Hi guys, I want to clean up (as in harmonize) the yaml frontmatter (metadata) fields of my vault. I’ve been using Obsidian for some months now and have been constantly adjusting the metadata fields which have become a real mess over time.
How can I get an overview of all metadata fields of all my files in the vault?
For example …
… from a frontmatter like this I would like to list the fields “title”, “date”, “author”, “source” and “link”.
Maybe if you add group by file.name, but it would still be overwhelming.
You’d most likely be better of with some script which summarises the usage, but it’s likely to be loads of data anyways.

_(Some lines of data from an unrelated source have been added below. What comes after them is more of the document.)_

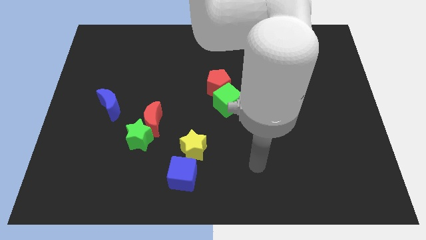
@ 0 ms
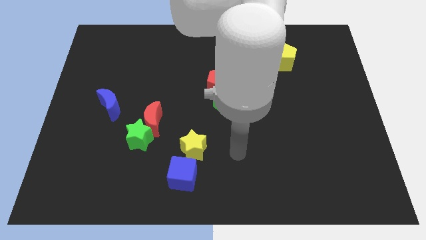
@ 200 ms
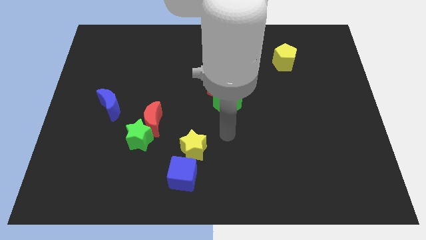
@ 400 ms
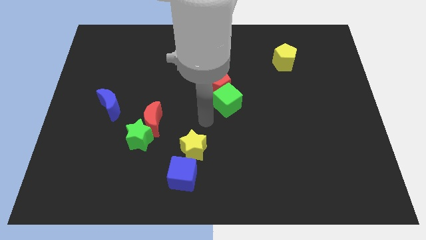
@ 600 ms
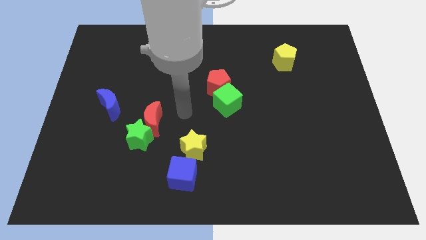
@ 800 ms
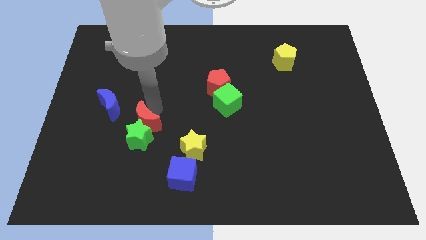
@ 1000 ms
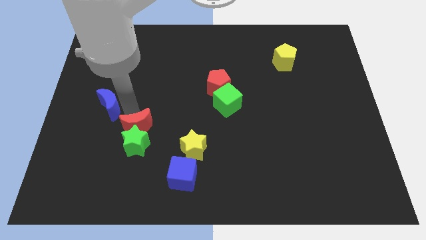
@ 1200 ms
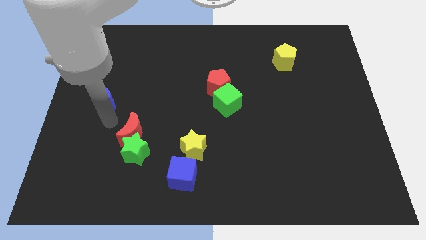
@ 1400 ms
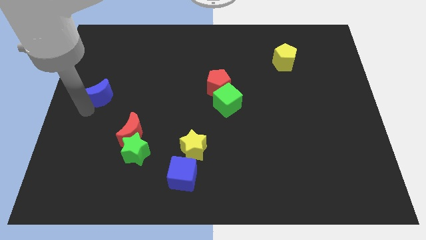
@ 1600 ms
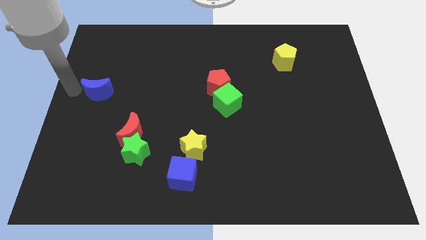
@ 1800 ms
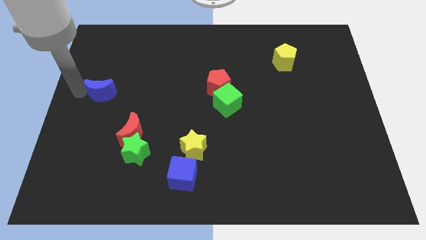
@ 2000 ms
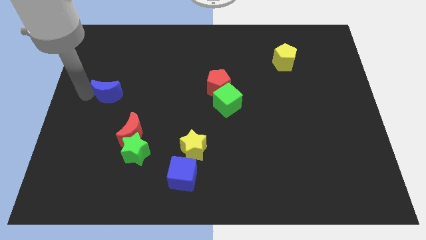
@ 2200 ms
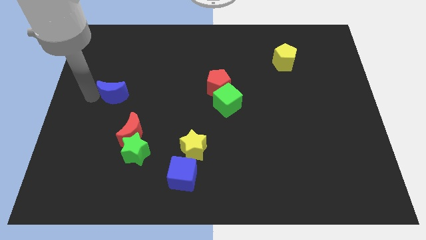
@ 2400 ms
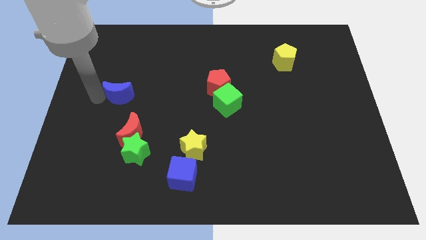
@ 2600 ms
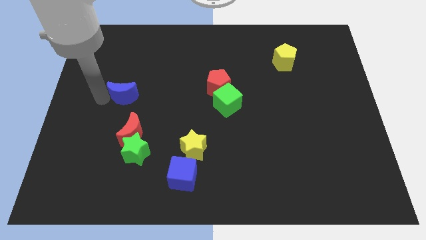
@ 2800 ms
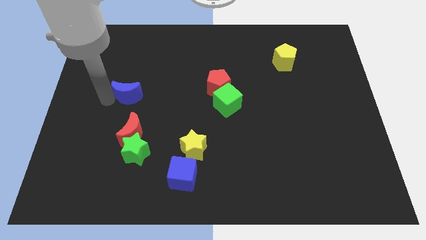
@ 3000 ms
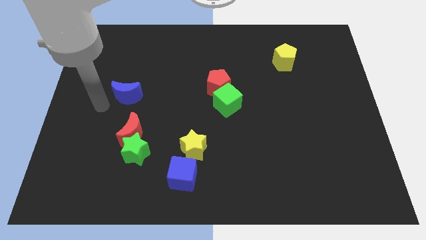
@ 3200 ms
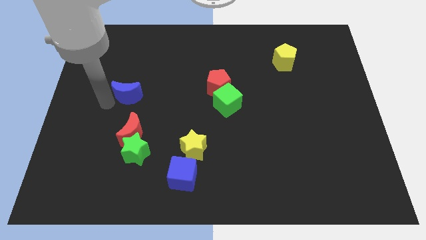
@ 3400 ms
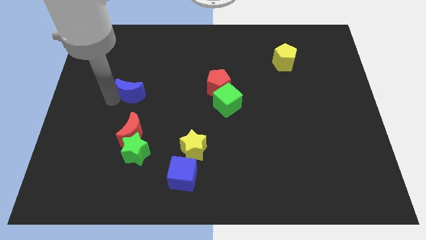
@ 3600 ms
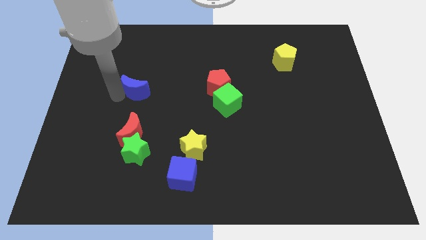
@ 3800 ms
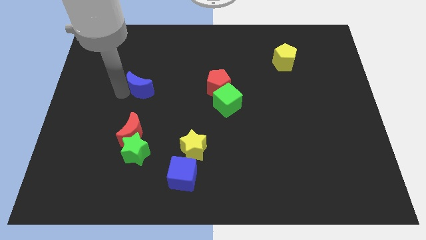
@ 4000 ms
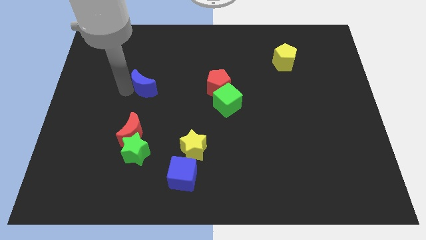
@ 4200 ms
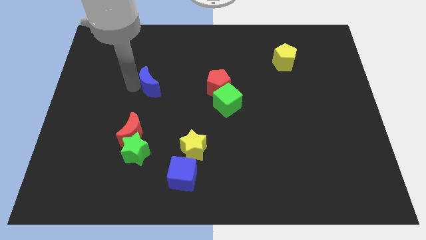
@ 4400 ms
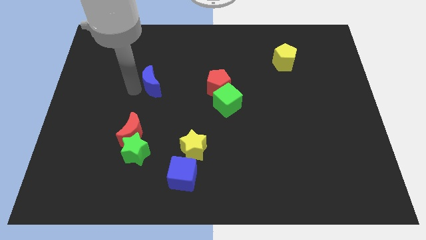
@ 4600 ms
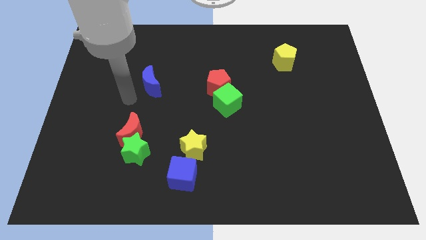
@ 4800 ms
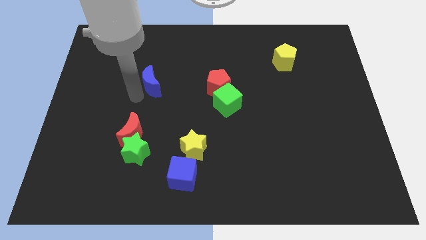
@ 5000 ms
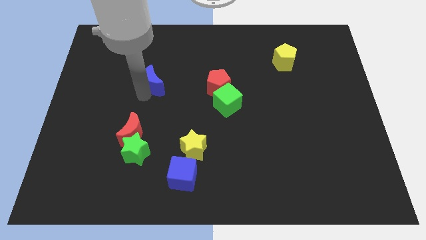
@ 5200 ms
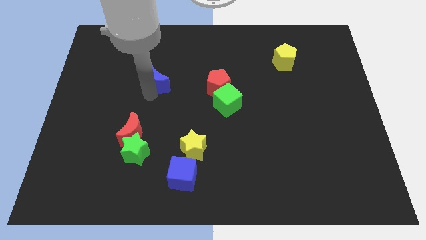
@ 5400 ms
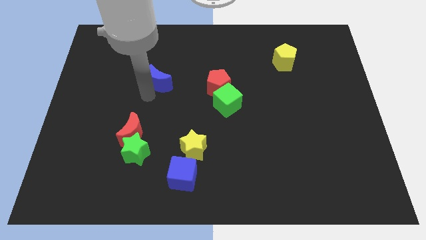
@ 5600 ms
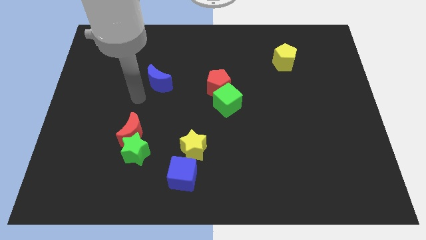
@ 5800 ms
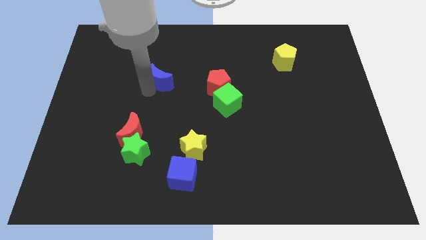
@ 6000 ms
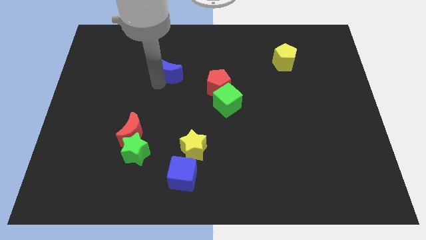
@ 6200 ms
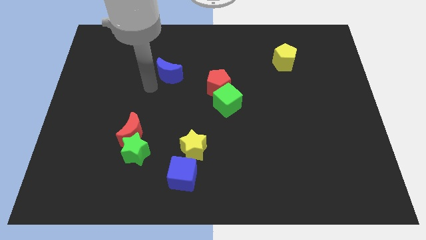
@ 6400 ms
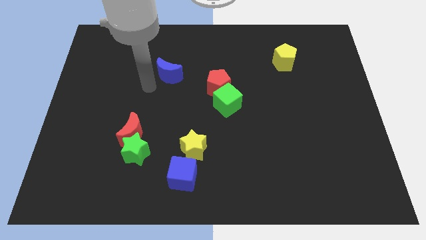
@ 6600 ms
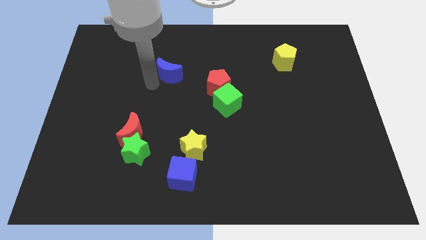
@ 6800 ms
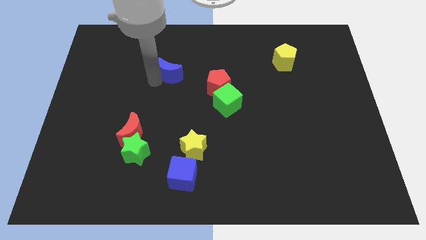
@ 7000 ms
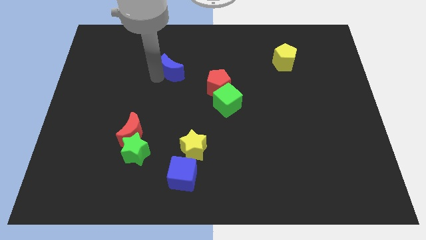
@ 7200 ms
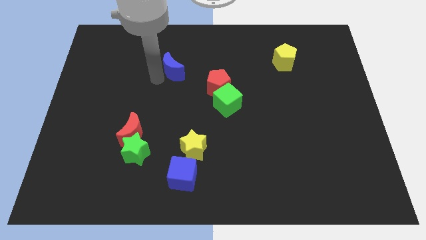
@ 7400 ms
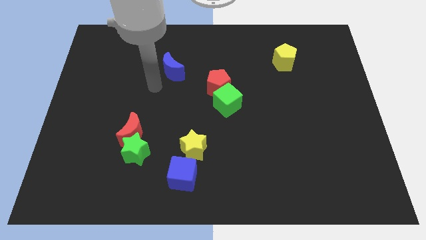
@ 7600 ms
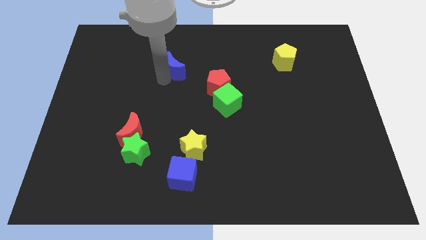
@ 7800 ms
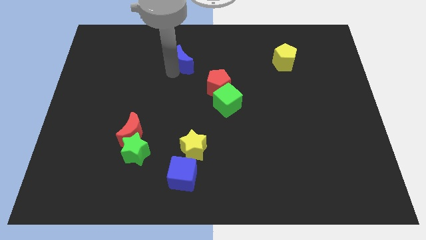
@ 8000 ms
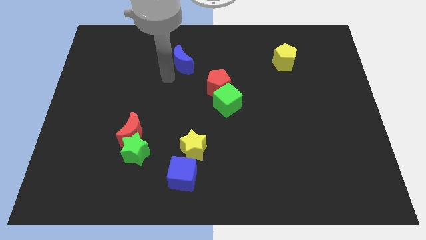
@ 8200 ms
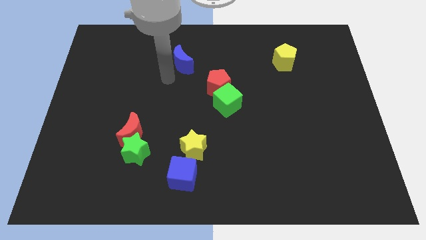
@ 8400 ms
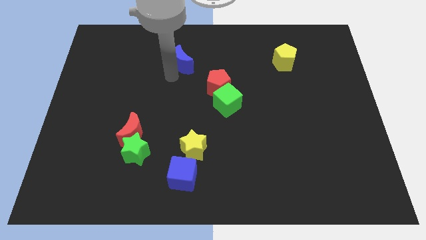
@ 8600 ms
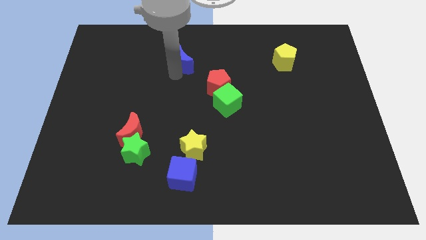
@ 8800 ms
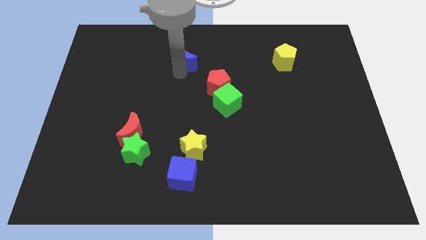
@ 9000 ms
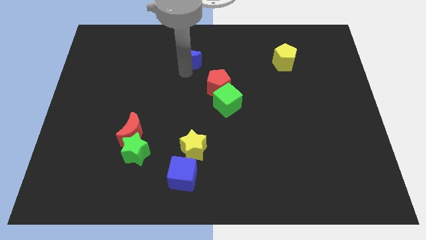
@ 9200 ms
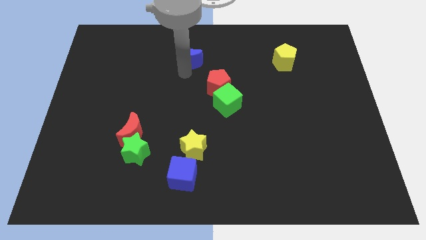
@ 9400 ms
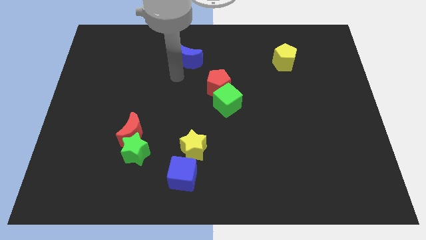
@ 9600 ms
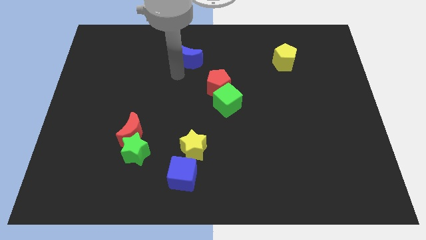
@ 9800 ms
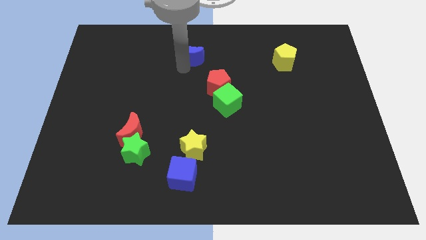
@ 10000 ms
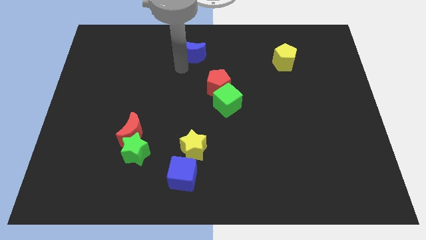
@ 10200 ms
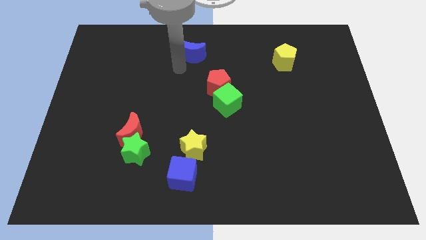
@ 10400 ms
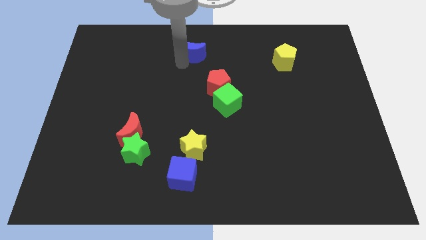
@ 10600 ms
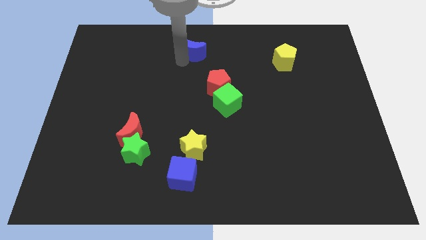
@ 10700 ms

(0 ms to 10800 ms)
put the blue moon to the towards your base

I’m not able to attempt to write anything before tomorrow.
It’s after midnight, so I guess it’s tomorrow, and I built a script to list all fields from frontmatter.

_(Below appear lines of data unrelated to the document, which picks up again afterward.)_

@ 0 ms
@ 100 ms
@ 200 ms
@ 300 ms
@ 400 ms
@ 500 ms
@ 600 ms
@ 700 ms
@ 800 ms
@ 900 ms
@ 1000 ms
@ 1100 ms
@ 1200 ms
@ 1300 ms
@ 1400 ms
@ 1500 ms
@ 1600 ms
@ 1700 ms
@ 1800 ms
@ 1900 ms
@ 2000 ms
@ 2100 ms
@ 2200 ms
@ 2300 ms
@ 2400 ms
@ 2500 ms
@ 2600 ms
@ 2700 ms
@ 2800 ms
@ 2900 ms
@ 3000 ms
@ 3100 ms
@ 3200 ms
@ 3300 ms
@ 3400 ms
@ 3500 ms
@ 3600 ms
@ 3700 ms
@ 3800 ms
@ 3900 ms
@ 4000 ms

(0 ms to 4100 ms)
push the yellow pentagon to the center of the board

The list all frontmatter fields script
```dataviewjs
// Store an alias for long function name
const listProp = Object.getOwnPropertyNames
// Get frontmatter from every page having one
const allMatter =
dv.pages()
.where(p => listProp(p.file.frontmatter).length > 0)
.file.frontmatter
// Loop all of the frontmatter, and count all fields
let fieldList = {}
for (let frontmatter of allMatter) {
// For each frontmatter section, list and count each field
for (let field of listProp(frontmatter)) {
// console.log(field)
if (field in fieldList) {
fieldList[field] += 1
} else {
fieldList[field] = 1
}
}
}
// Build an ordinary array out of the dictionary
let fieldCounts = []
for (let key in fieldList) {
fieldCounts.push([key, fieldList[key]])
}
// Sort the array for display purposes
fieldCounts = fieldCounts.sort((a, b) => a[1] - b[1])
// console.log(fieldCounts)
// Present the final table of all fields found in
// frontmatter, with the most frequently used fields
// at the end of the table
dv.table(["name", "count"],
dv.array(fieldCounts)
.map(m => [m[0], m[1]])
)
```
This script does the following:
Store all frontmatter section from all notes having one into allMatter
Loop through allMatter and split into the separate fields, and store the count of these fields into fieldList (a dictionary object)
Build another array, fieldCount, based upon fieldList, and sort this according to the frequency of the field
Output fieldCount into av dv.table(), with the least frequent field names on the top, and the most used on the bottom
Review of fields table
Then one can review the table, and see if there are some fields one would want to eliminate or consolidate. To help localise the various fields, the following snippet would most likely be useful:
```dataview
table file.frontmatter
where file.frontmatter and createddate
```
In the example above I’m listing the frontmatter with originating file for the field createddate, this of course you replace with whatever field you’re looking. If the field name has a space in it, replace with a dash/minus, aka Creation date becomes creation-date. The key name doesn’t depend on case.
Extra nugget: I’m so far not able to split up/flatten the file.frontmatter list of various fields in a DQL query. Are some of you up for that task?